___ Information provided

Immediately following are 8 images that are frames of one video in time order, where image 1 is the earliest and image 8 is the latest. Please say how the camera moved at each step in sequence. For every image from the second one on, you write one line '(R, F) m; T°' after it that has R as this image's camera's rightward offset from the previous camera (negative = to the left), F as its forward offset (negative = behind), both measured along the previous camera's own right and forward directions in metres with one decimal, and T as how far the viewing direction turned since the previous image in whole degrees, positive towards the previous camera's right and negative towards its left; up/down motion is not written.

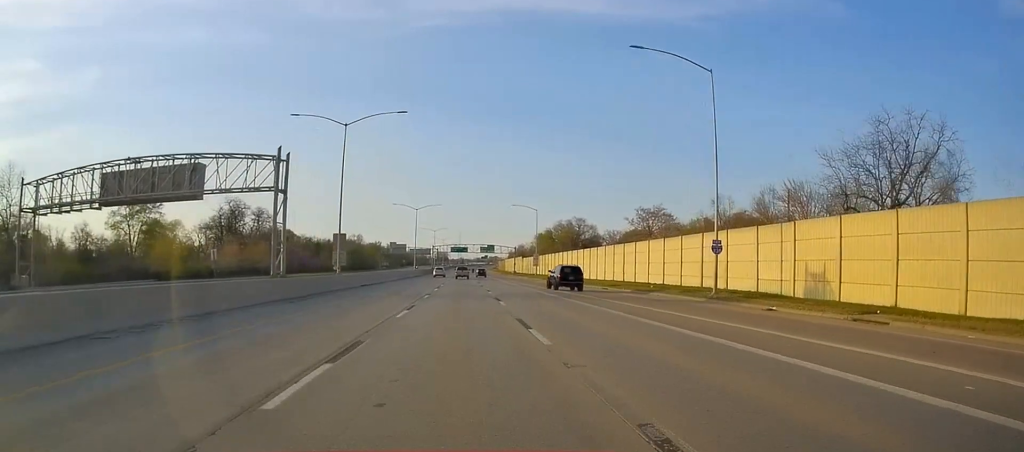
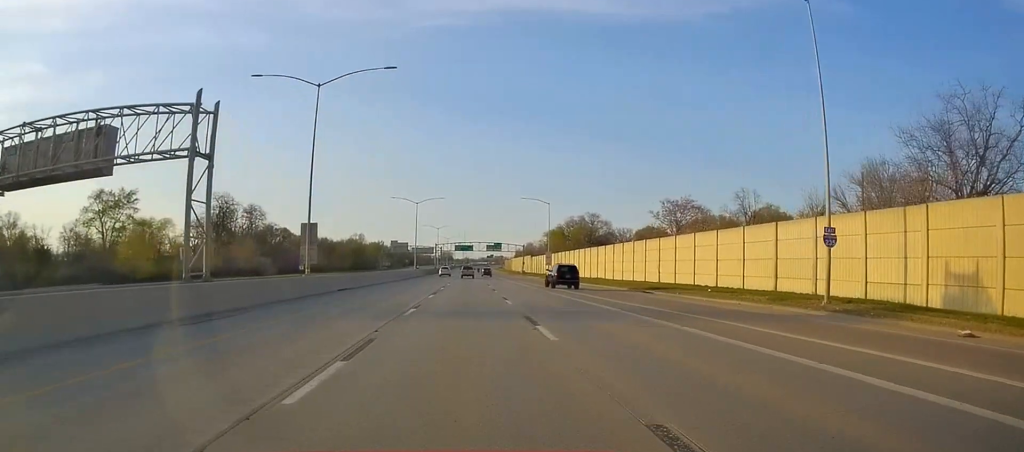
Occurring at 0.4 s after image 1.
(-0.1, +12.3) m; 0°
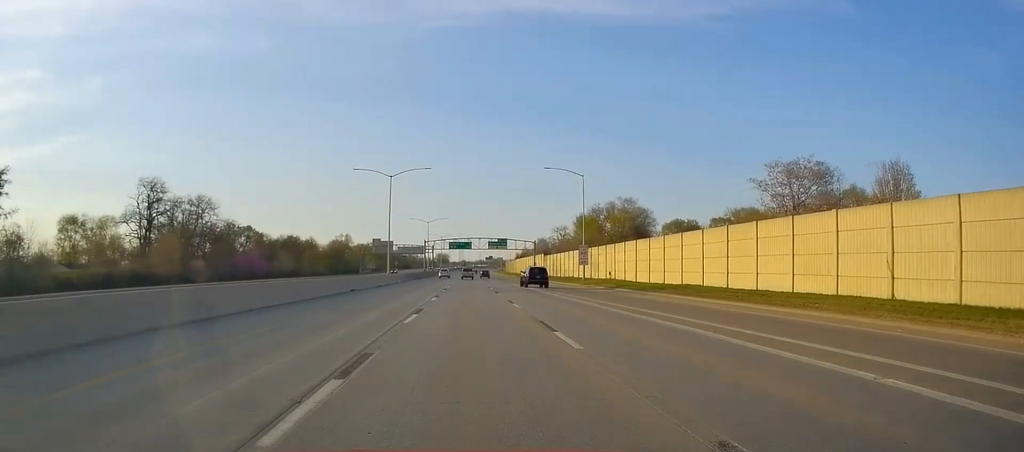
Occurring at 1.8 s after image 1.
(-0.1, +37.6) m; +1°
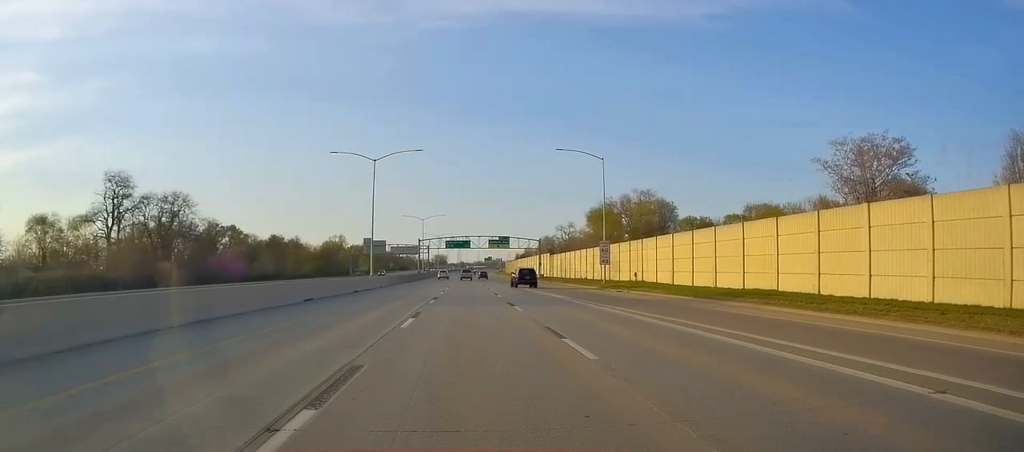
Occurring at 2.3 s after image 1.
(+0.1, +13.2) m; +1°
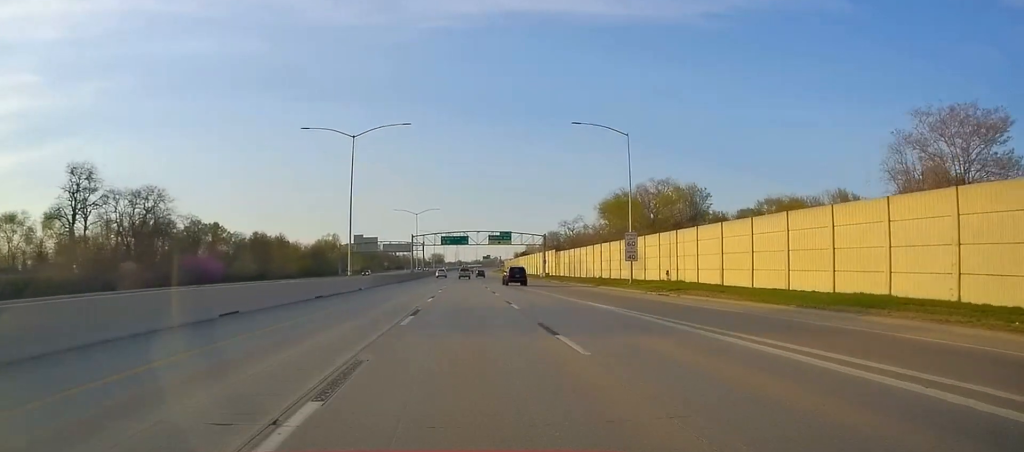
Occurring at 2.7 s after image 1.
(0.0, +12.1) m; 0°
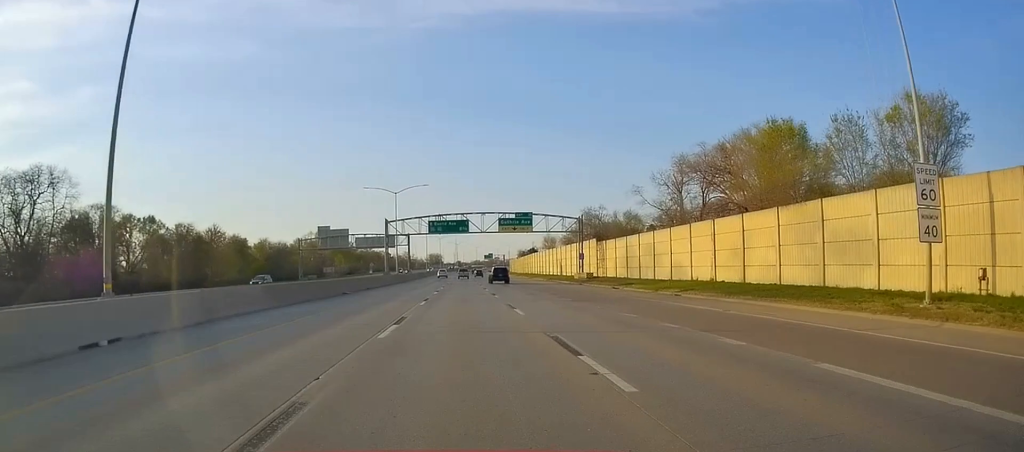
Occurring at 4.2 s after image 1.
(0.0, +39.8) m; 0°
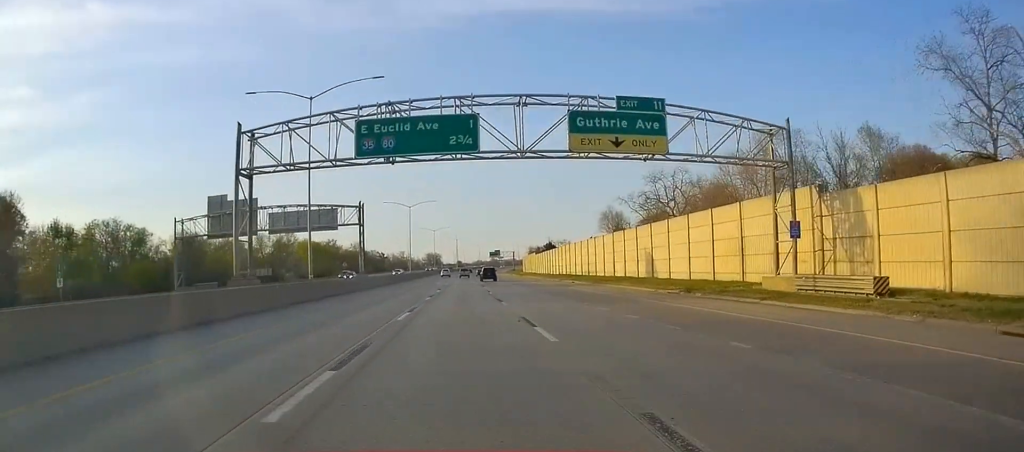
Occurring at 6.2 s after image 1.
(0.0, +55.8) m; 0°
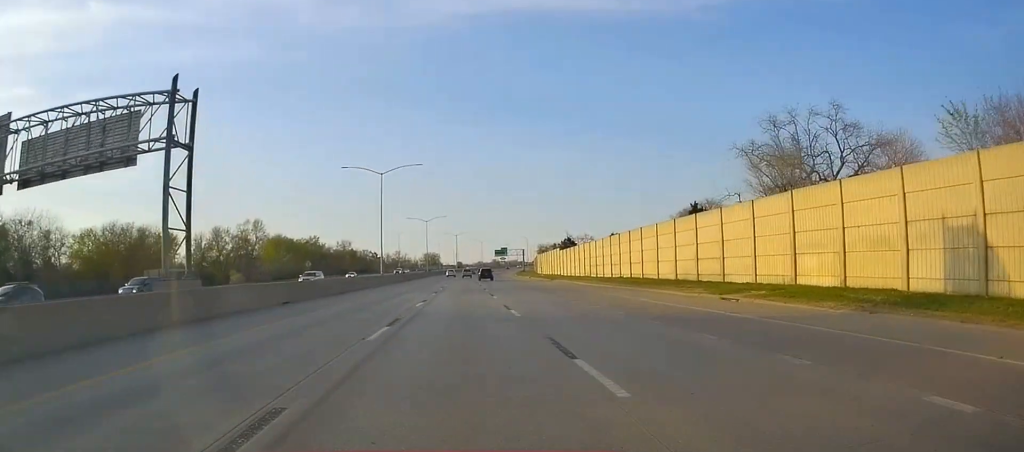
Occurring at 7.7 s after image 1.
(0.0, +42.3) m; 0°
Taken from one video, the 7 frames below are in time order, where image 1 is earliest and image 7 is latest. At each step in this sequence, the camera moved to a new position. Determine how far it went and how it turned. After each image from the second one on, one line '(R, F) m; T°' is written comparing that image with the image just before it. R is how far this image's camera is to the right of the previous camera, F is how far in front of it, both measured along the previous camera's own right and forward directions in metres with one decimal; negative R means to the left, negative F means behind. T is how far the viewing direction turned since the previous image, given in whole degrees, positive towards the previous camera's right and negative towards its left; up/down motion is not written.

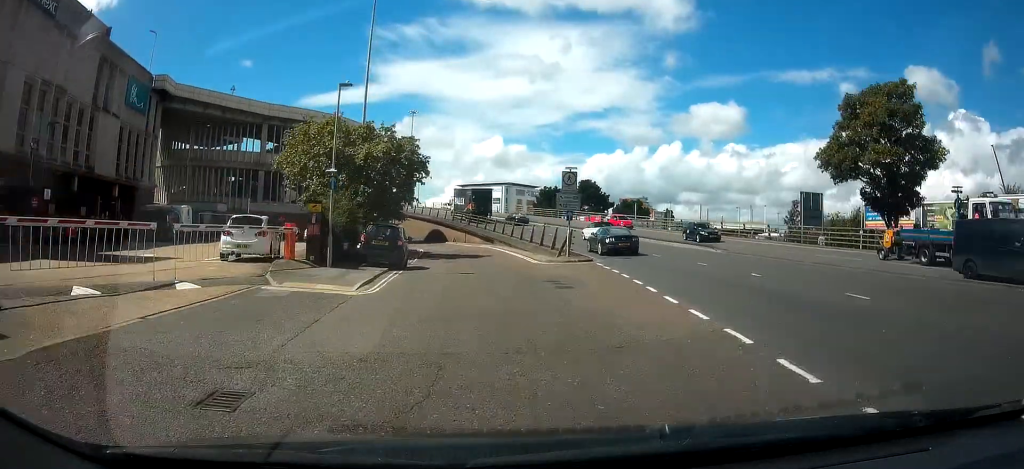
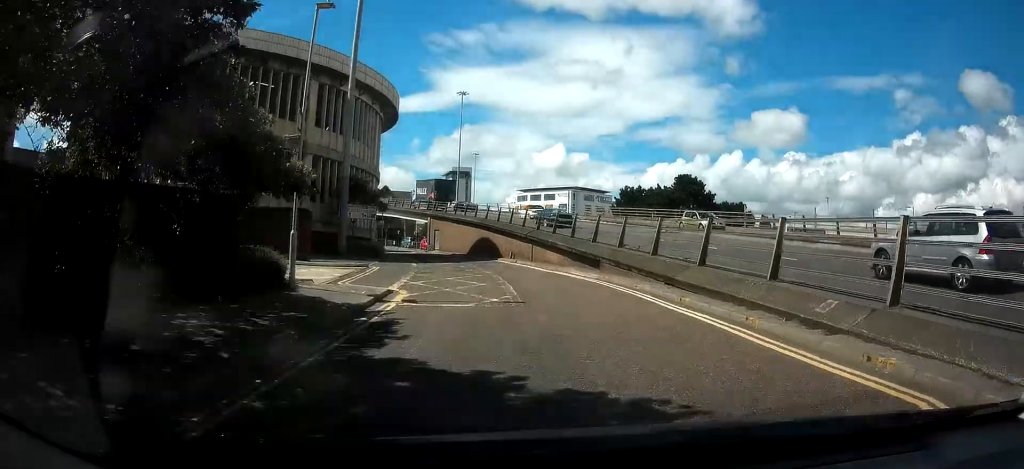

______

# [About this exercise]
A word-for-word copy of the entries above is what is needed, without any images.

# [Written reply]
Immediately following are 8 images that are frames of one video in time order, where image 1 is the earliest and image 8 is the latest. Please say how the camera moved at each step in sequence. For every image from the second one on, you write one line '(R, F) m; T°' after it that has R as this image's camera's rightward offset from the previous camera (negative = to the left), F as its forward offset (negative = behind), both measured along the previous camera's own right and forward directions in metres with one decimal, and T as how far the viewing direction turned since the previous image in whole degrees, positive towards the previous camera's right and negative towards its left; up/down motion is not written.

Occurring at 0.4 s after image 1.
(-0.1, +12.3) m; 0°
Occurring at 1.8 s after image 1.
(-0.1, +37.6) m; +1°
Occurring at 2.3 s after image 1.
(+0.1, +13.2) m; +1°
Occurring at 2.7 s after image 1.
(0.0, +12.1) m; 0°
Occurring at 4.2 s after image 1.
(0.0, +39.8) m; 0°
Occurring at 6.2 s after image 1.
(0.0, +55.8) m; 0°
Occurring at 7.7 s after image 1.
(0.0, +42.3) m; 0°
Taken from one video, the 7 frames below are in time order, where image 1 is earliest and image 7 is latest. At each step in this sequence, the camera moved to a new position. Determine how far it went and how it turned. After each image from the second one on, one line '(R, F) m; T°' is written comparing that image with the image just before it. R is how far this image's camera is to the right of the previous camera, F is how far in front of it, both measured along the previous camera's own right and forward directions in metres with one decimal; negative R means to the left, negative F means behind. T is how far the viewing direction turned since the previous image, given in whole degrees, positive towards the previous camera's right and negative towards its left; up/down motion is not written.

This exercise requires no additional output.